== DATA ==
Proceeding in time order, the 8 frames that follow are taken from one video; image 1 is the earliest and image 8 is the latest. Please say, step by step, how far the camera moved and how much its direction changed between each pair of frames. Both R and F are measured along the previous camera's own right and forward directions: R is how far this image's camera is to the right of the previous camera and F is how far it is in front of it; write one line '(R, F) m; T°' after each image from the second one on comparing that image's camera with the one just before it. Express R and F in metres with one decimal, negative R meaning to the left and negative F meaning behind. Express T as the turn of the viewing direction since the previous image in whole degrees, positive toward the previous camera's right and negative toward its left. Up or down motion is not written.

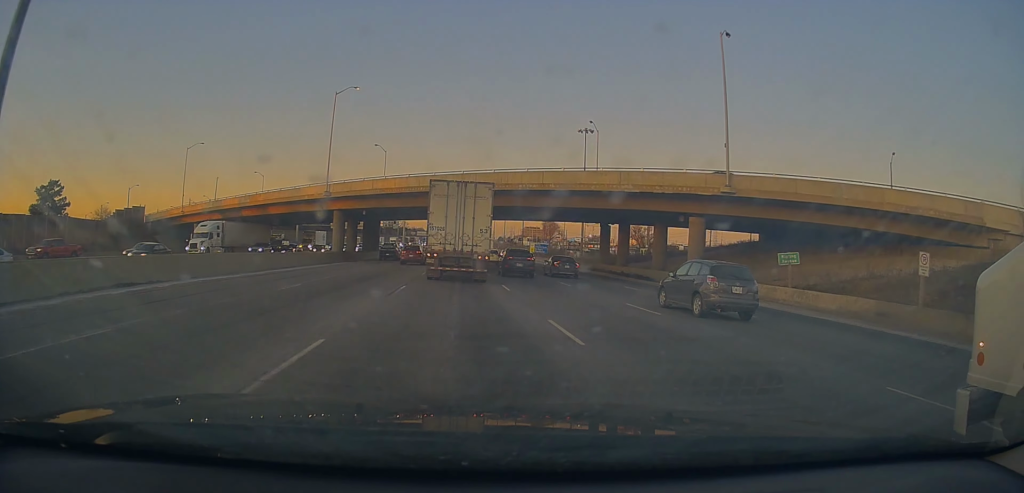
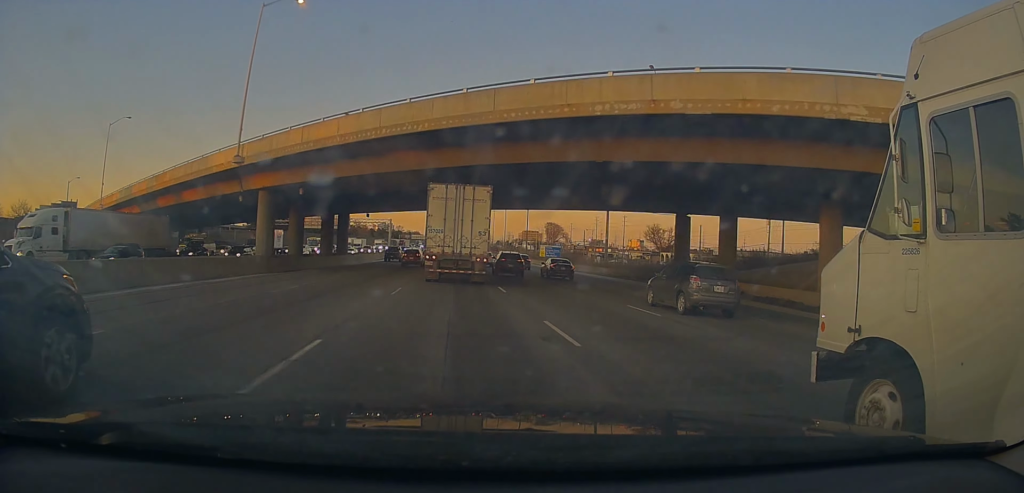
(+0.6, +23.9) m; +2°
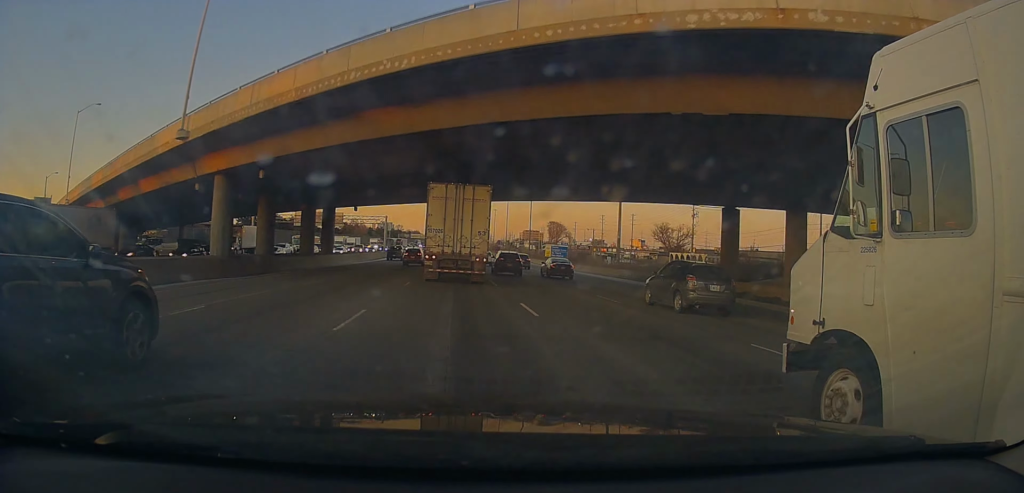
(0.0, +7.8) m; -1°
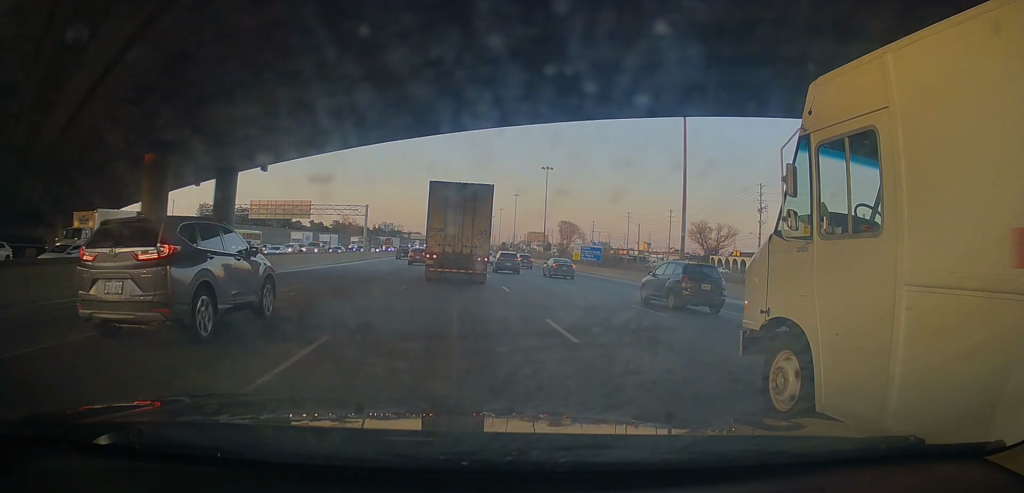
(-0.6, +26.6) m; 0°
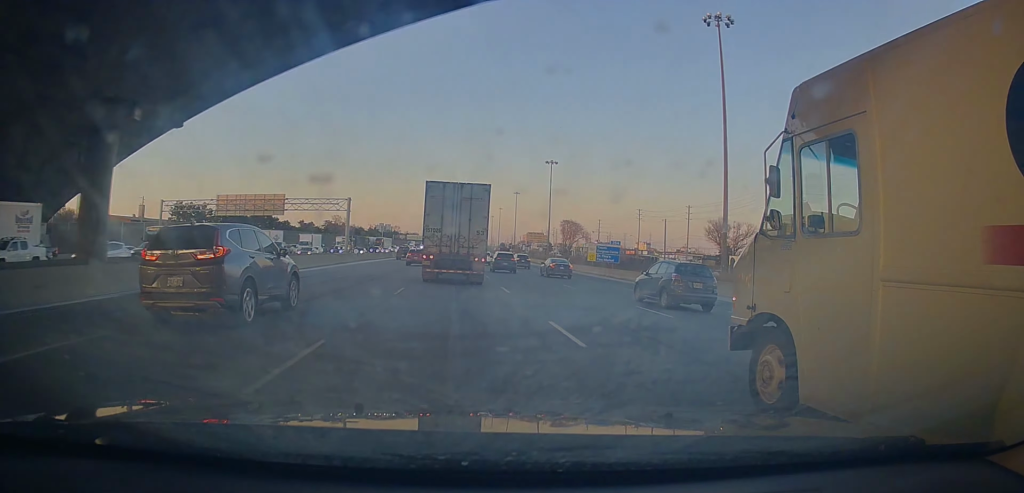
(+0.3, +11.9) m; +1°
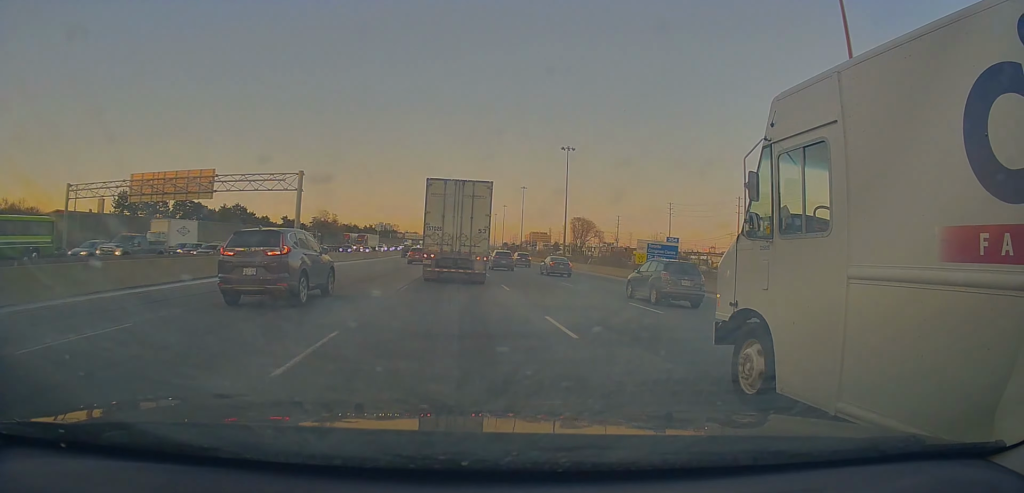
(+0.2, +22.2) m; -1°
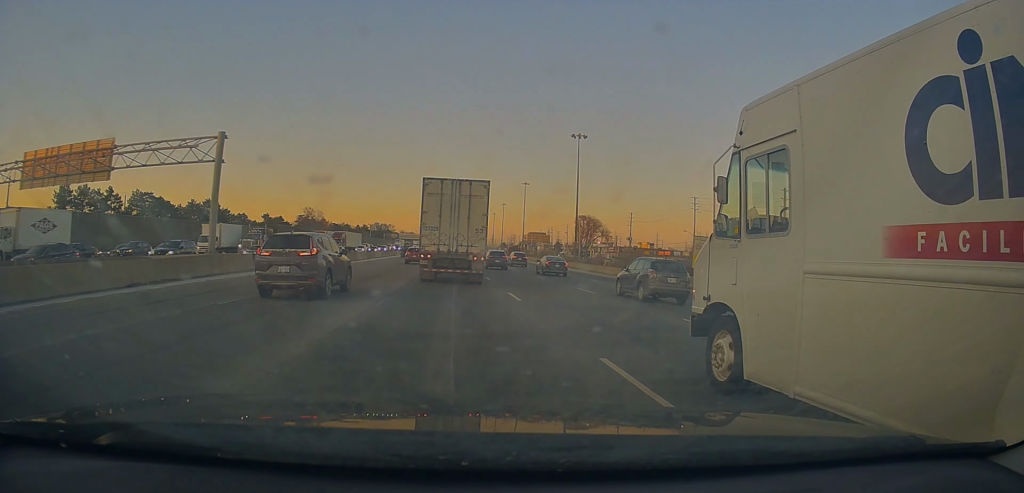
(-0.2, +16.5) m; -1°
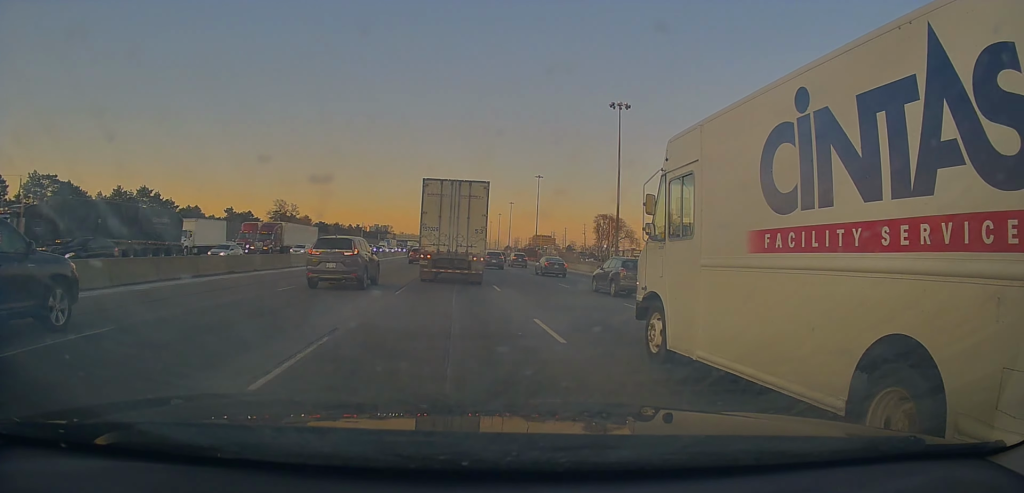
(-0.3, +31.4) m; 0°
===
▶ [TASK INSTRUCTIONS]:
Leave the images out and give the rest of the data again exactly.

▶ [WRITTEN RESPONSE]:
Proceeding in time order, the 8 frames that follow are taken from one video; image 1 is the earliest and image 8 is the latest. Please say, step by step, how far the camera moved and how much its direction changed between each pair of frames. Both R and F are measured along the previous camera's own right and forward directions: R is how far this image's camera is to the right of the previous camera and F is how far it is in front of it; write one line '(R, F) m; T°' after each image from the second one on comparing that image's camera with the one just before it. Express R and F in metres with one decimal, negative R meaning to the left and negative F meaning behind. Express T as the turn of the viewing direction since the previous image in whole degrees, positive toward the previous camera's right and negative toward its left. Up or down motion is not written.

(+0.6, +23.9) m; +2°
(0.0, +7.8) m; -1°
(-0.6, +26.6) m; 0°
(+0.3, +11.9) m; +1°
(+0.2, +22.2) m; -1°
(-0.2, +16.5) m; -1°
(-0.3, +31.4) m; 0°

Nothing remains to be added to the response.